A full-throated moral, philosophical, and practical defense of capitalism. Rather than advocate with reluctance for capitalism, granting critics’ charges of its excesses and a supposed foundation of greed, Gilder shows that only a capitalist system will bring true prosperity and growth to all levels of a society.
Gilder argues that the most important element of capitalistic growth and success is the entrepreneur, the person who puts up capital in risky ventures in the hope of a payout. These risks fail more often than they succeed, but in all cases knowledge is learned–knowledge upon which new ventures build.

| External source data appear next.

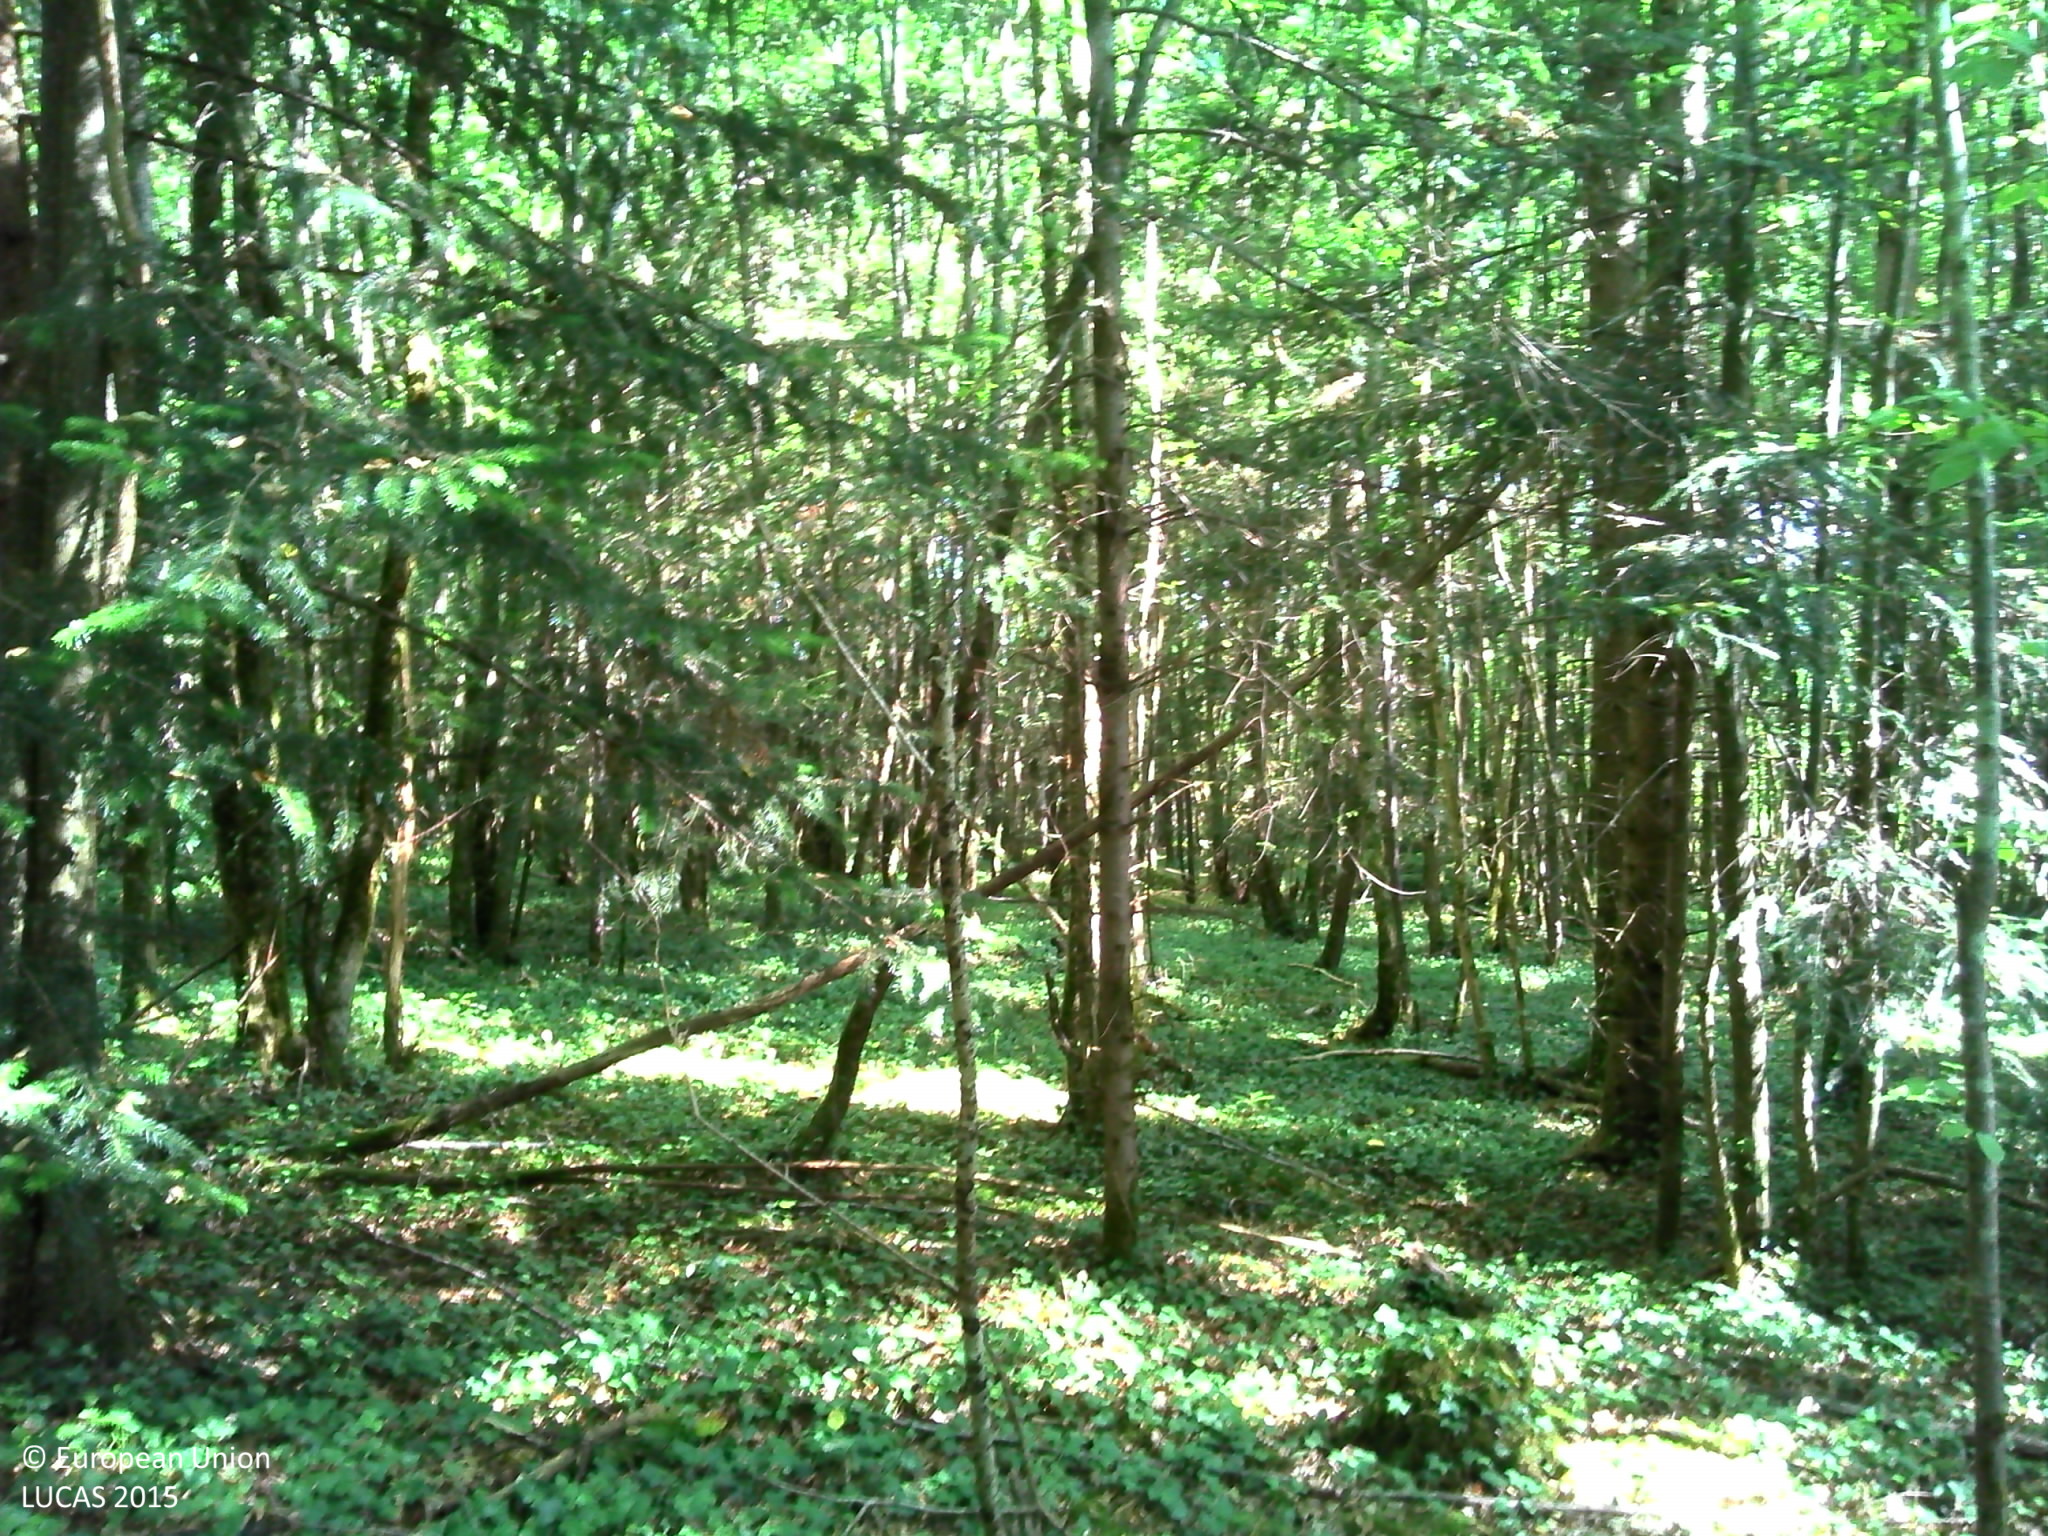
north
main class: Woodland
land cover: Pine dominated coniferous woodland
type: hemiboreal forest and nemoral coniferous forest and mixed broadleaved-coniferous forest
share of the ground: > 75 %
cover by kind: coniferous forest trees 80 %, herbaceous plants 10 %, shrubs 5 %, lichens and mosses 5 %
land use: Forestry
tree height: > 5 m
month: August
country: FR
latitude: 44.7716
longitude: 0.7557
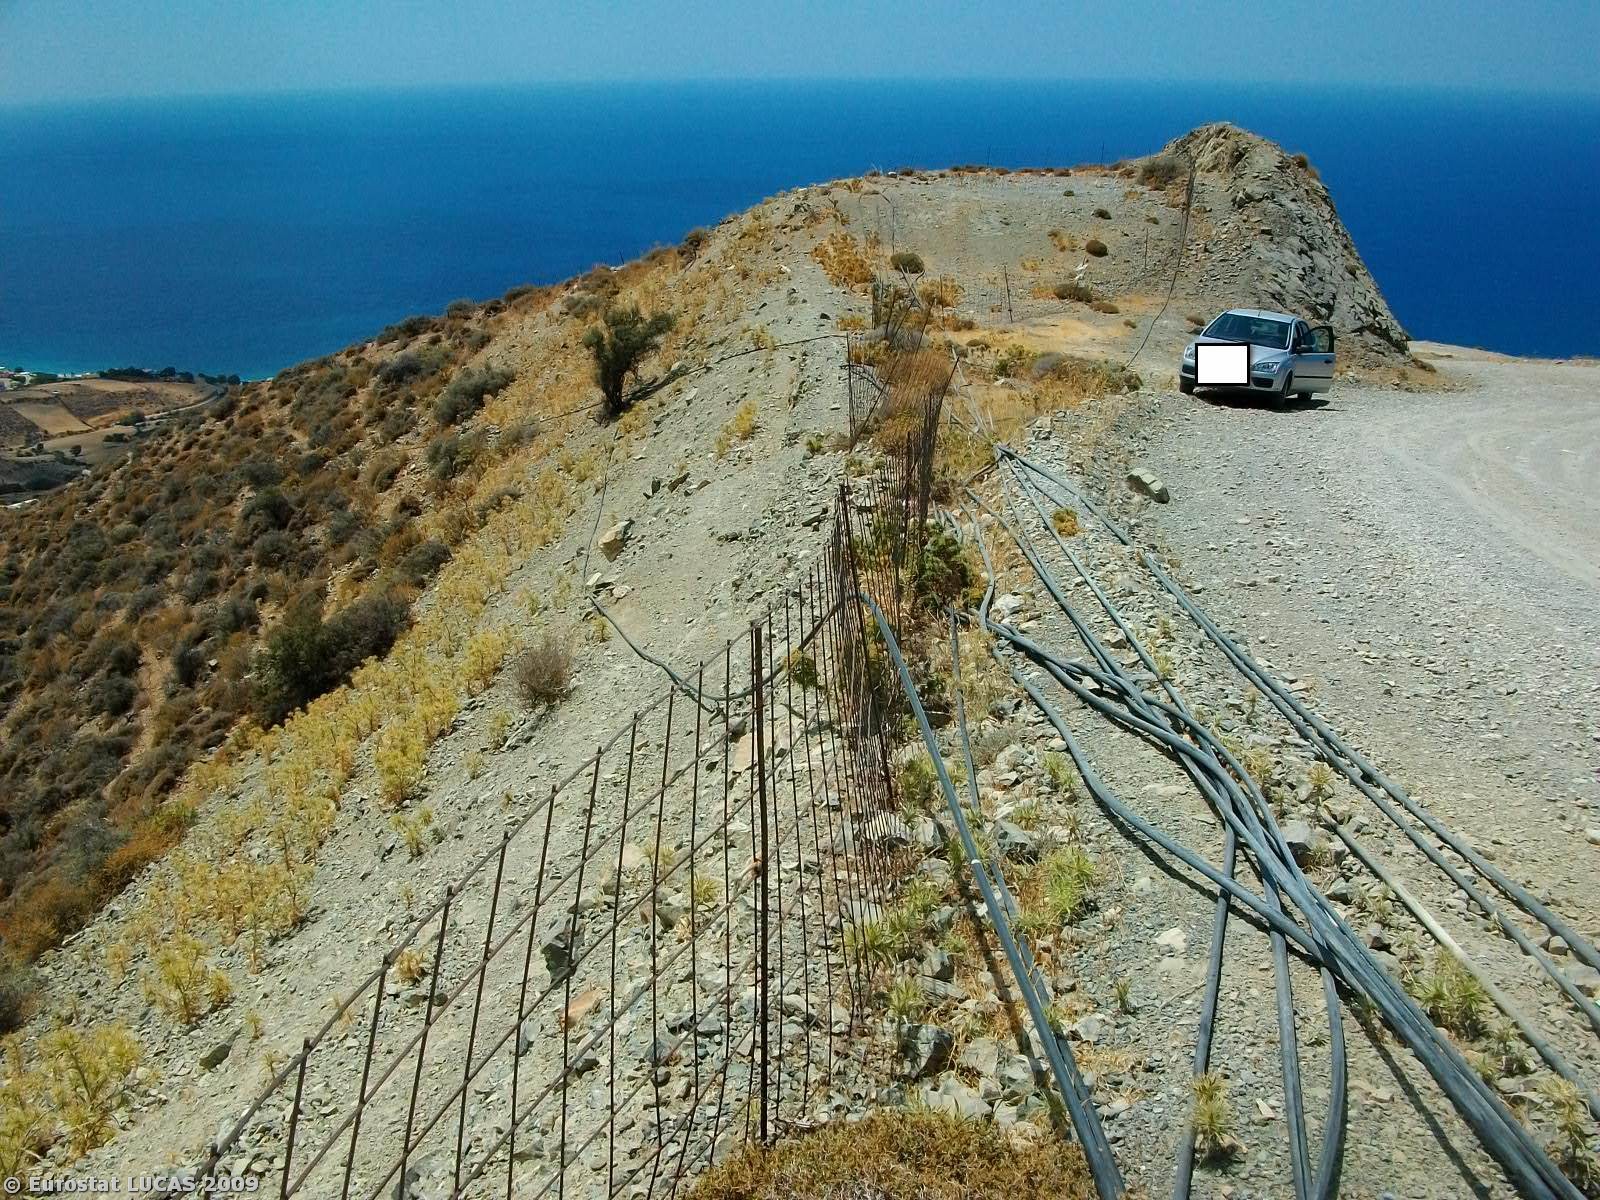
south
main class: Shrubland
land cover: Shrubland without tree cover
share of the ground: > 75 %
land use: Agriculture (excluding fallow land and kitchen gardens)
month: July
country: GR
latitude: 34.9441
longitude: 24.9068
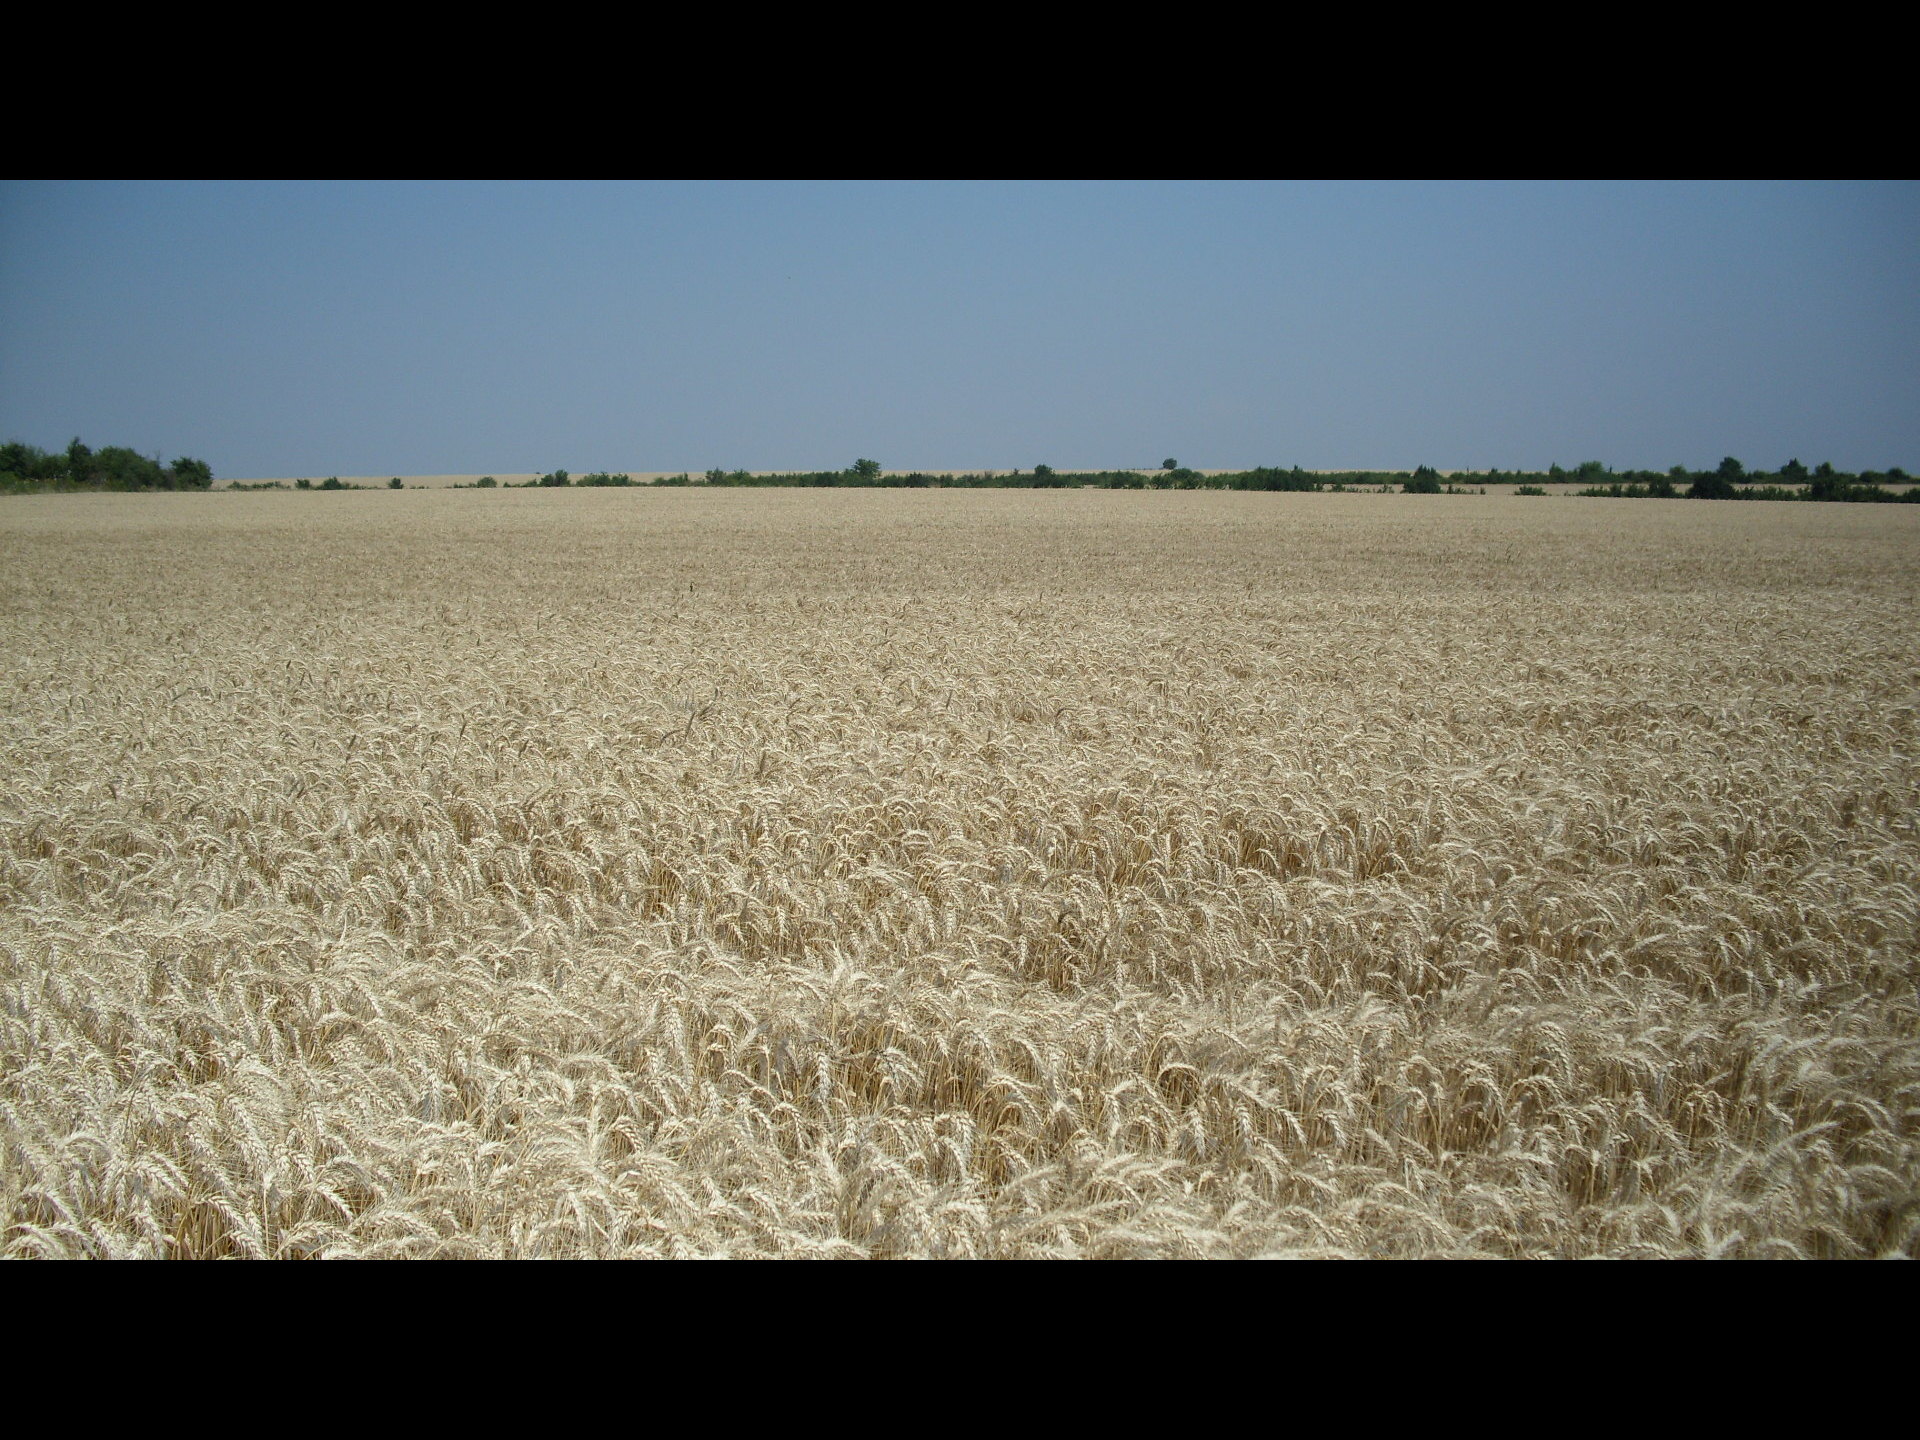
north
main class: Cropland
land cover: Common wheat
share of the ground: > 75 %
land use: Agriculture (excluding fallow land and kitchen gardens)
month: July
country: BG
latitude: 43.7019
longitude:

Simply scanning topics he covers and the conclusions he draws, one might think Gilder is just pitching conservative Republican ideology warmed over. But his arguments eschew partisanship in favor of a philosophical, principled, and utterly researched approach. Gilder’s breadth of knowledge and understanding of economics and sociology is stimulating to encounter; having read his more recent (and even more theoretical) Knowledge & Power, I can see he is truly a polymath.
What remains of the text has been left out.